Editorials, Opinion

Can STEM school make space for arts?

On April 25, the Monongalia County Board of Education hopes to award a contract to build the highly anticipated new STEM school.  

The Renaissance Academy, as it will be called, will focus on science, technology, engineering and math for high schoolers while MTEC will be retooled for middle schoolers. The new STEM-focused school will offer a more hands-on education that should be beneficial for both students looking to directly enter the workforce and students who want to go on to study science, math, and engineering and technology-related fields in college. The proliferation of STEM schools across the country is a paradigm shift that seeks to prepare young people — particularly women and minorities — for careers in these growing industries.  

We think the Renaissance Academy will be a boon for Mon County’s education system and look forward to learning more about plans for the school. We hope that whatever design the BOE chooses, it creates space for the arts as well, perhaps even going as far as making the academy a STEAM school, not just a STEM school. 

“STEAM” adds arts into the science, technology, engineering and math equation. After all, the Renaissance wasn’t just a time of great scientific and technological advancement — it was also a period of revitalization for the arts and humanities. It was the era of such well-known artists as Raphael, Michaelangelo and Leonardo Da Vinci (for whom art and science were interconnected).  

For those who may wonder if adding an emphasis on (or at least incorporating) art will make this STEM school just like a regular school: That does not necessarily have to be the case. STEM schools tend to be more hands-on rather than lecture-based and tend to deal in real-world application over straight book learning.  

While arts are often considered ancillary to a standard education, multiple studies going back to the 1980s recognize a correlation between arts education and overall academic achievement. One study published in 2000 found that students who took four or more years of arts-related classes (ranging from music to visual art to dance to arts history/appreciation) scored higher in both the math and verbal portions of the SAT compared to students who took no arts classes. (Arts education was associated with a higher boost in the verbal scores than the math scores.) 

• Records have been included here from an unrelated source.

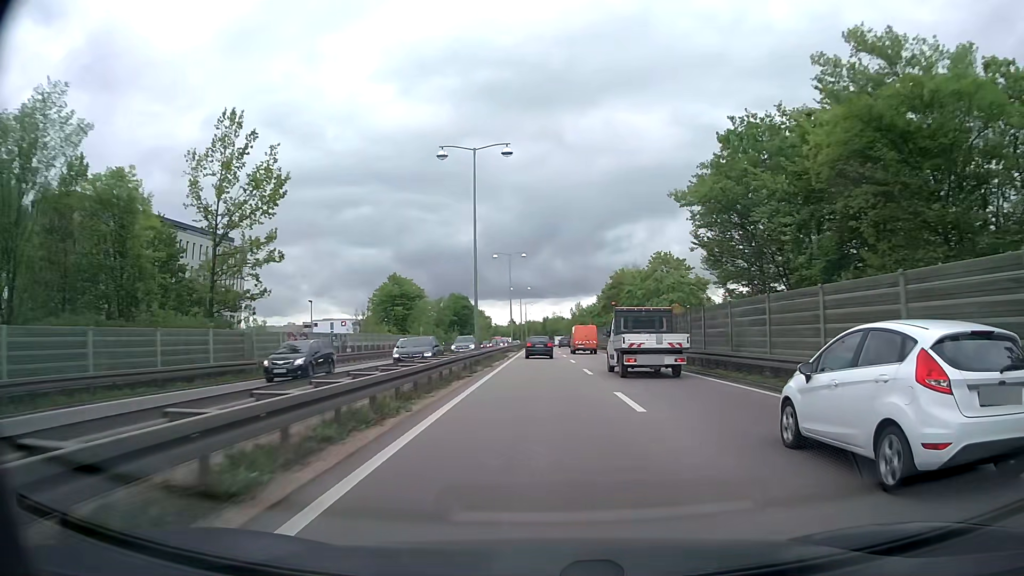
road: trunk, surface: asphalt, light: Day
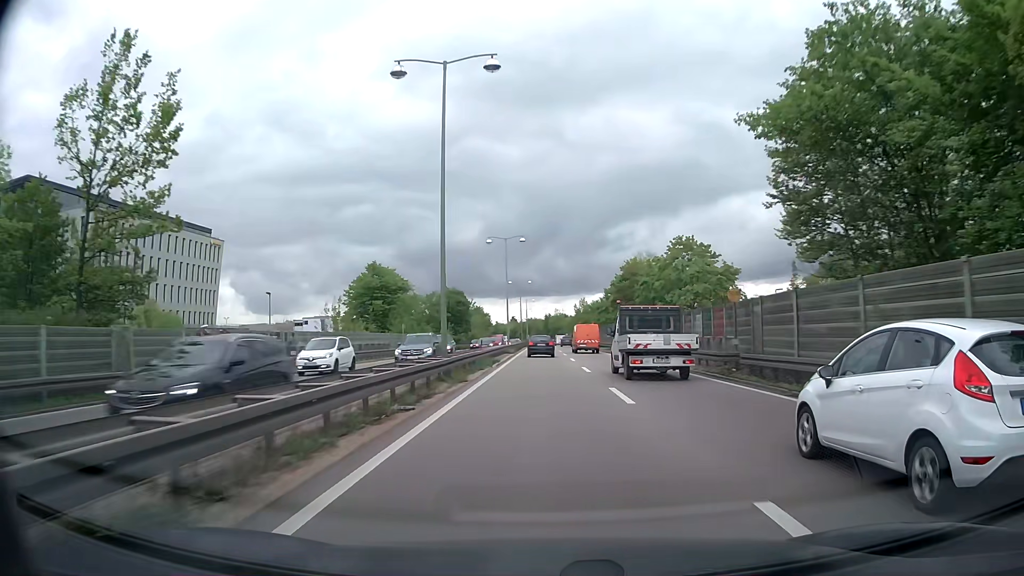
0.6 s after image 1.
(0.0, +10.5) m; 0°
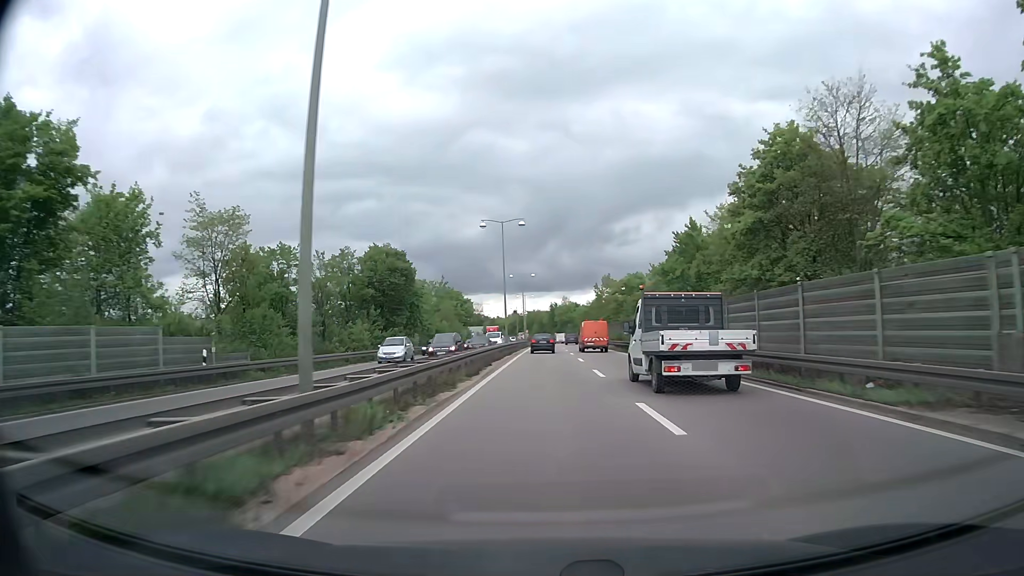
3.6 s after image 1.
(-0.1, +52.5) m; 0°
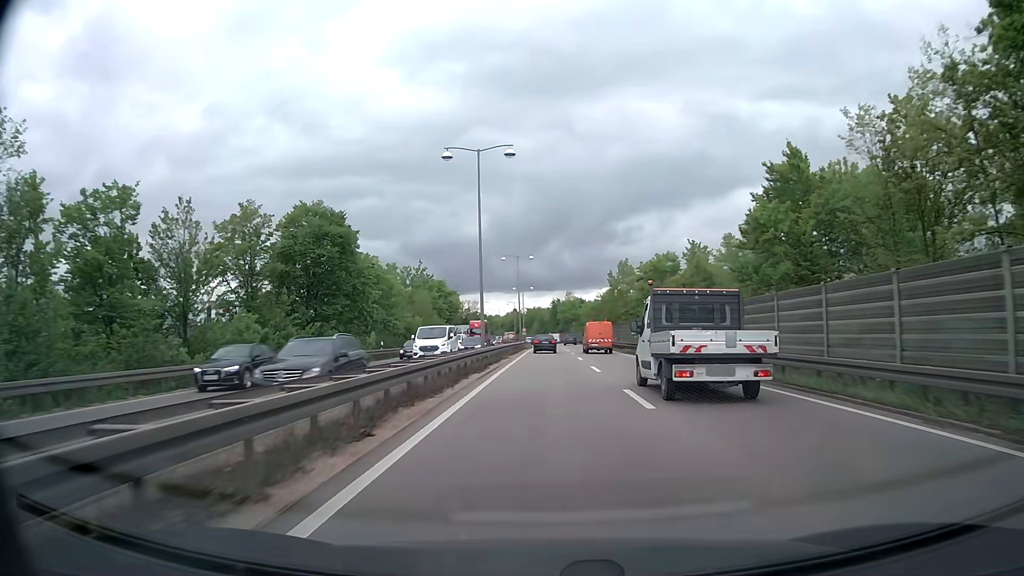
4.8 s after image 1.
(+0.1, +20.9) m; 0°
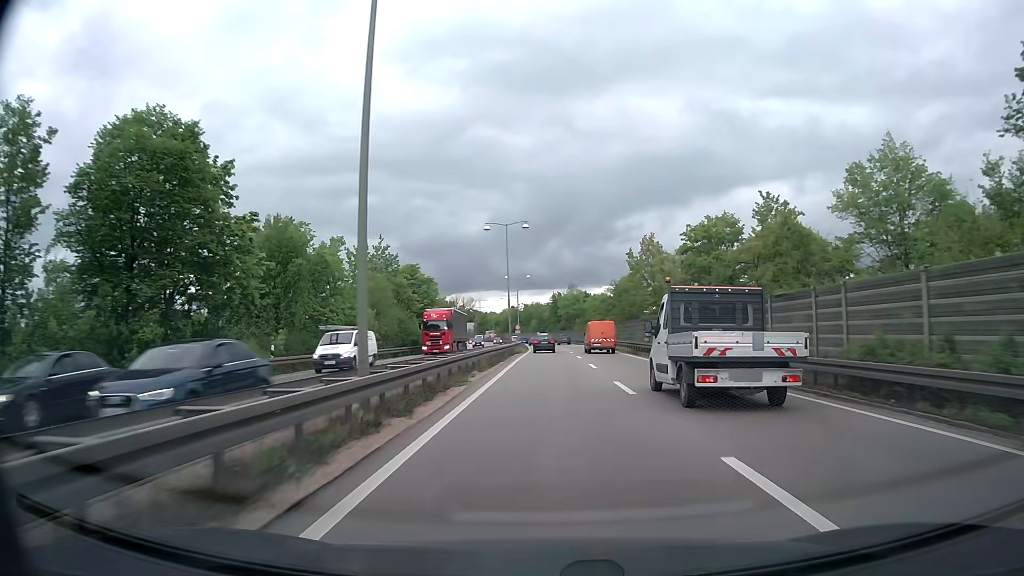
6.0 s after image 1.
(-0.1, +20.9) m; 0°
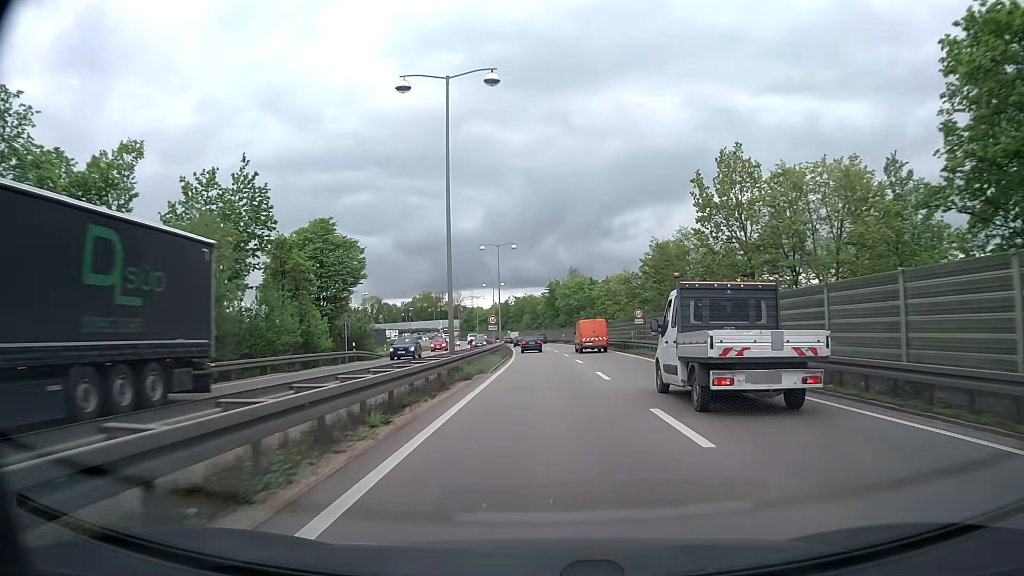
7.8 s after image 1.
(0.0, +31.4) m; 0°
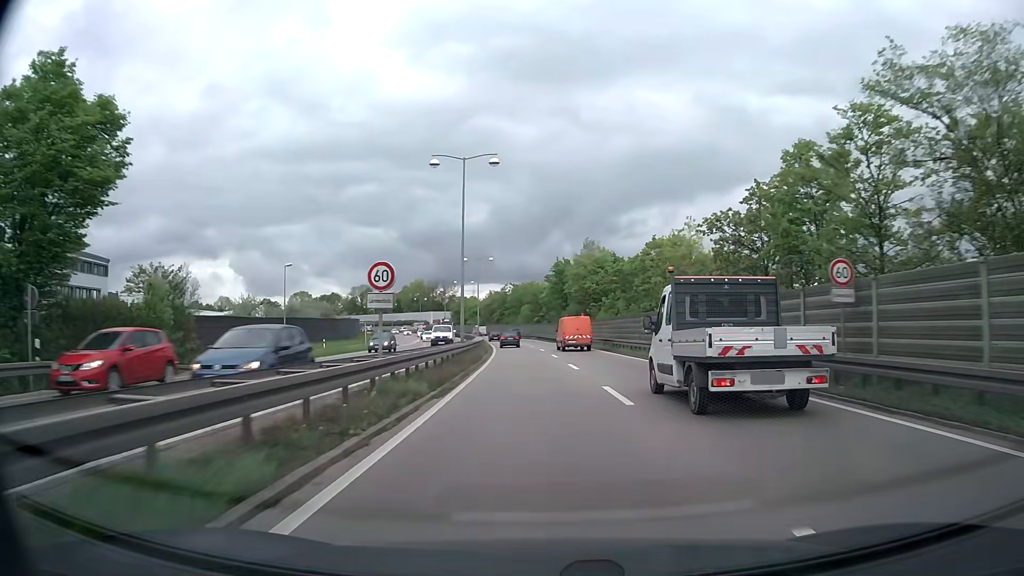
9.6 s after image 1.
(0.0, +31.6) m; 0°
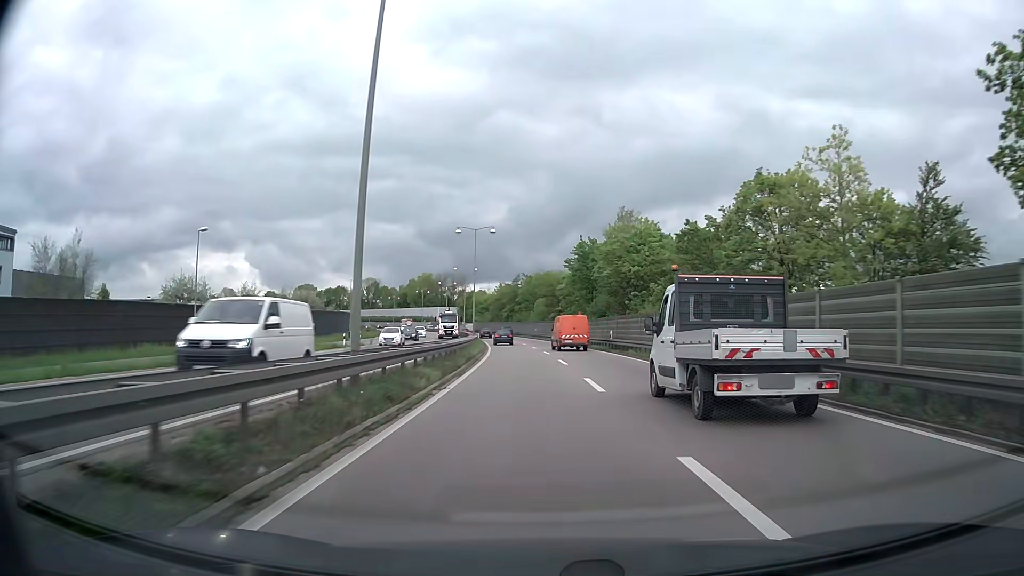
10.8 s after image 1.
(-0.3, +21.2) m; -1°

Granted, correlation is not causation. The closest we found to a causal relationship was a trial study focused on K-12 schools in Houston, Texas, from 2019. Some schools received a large influx of funding to restore and improve previously cut arts programs while others initially did not. After two years, the researchers compared the two groups and found that students with more arts opportunities had fewer disciplinary issues, better writing scores and greater compassion for others (measured as being “more interested in how other people feel and more likely to want to help people who are treated badly”).  

A separate 2014 study published in the Journal of Civil Society found “[b]oth audience-based participation in the arts and personal participation in creating art are linked to higher levels of civic engagement, higher levels of social tolerance on some dimensions of the measure and higher levels of other-regarding behaviour.” 

In other words, the arts make students into better people. Focusing solely on STEM may make students more logical thinkers and better problem solvers, but what good are those skills when the emphasis becomes efficiency and profit rather than making the world a better place?  

The role of education is not to make ready-to-go workers, but to help form children into adults who can function in a society. And for that, students need the arts.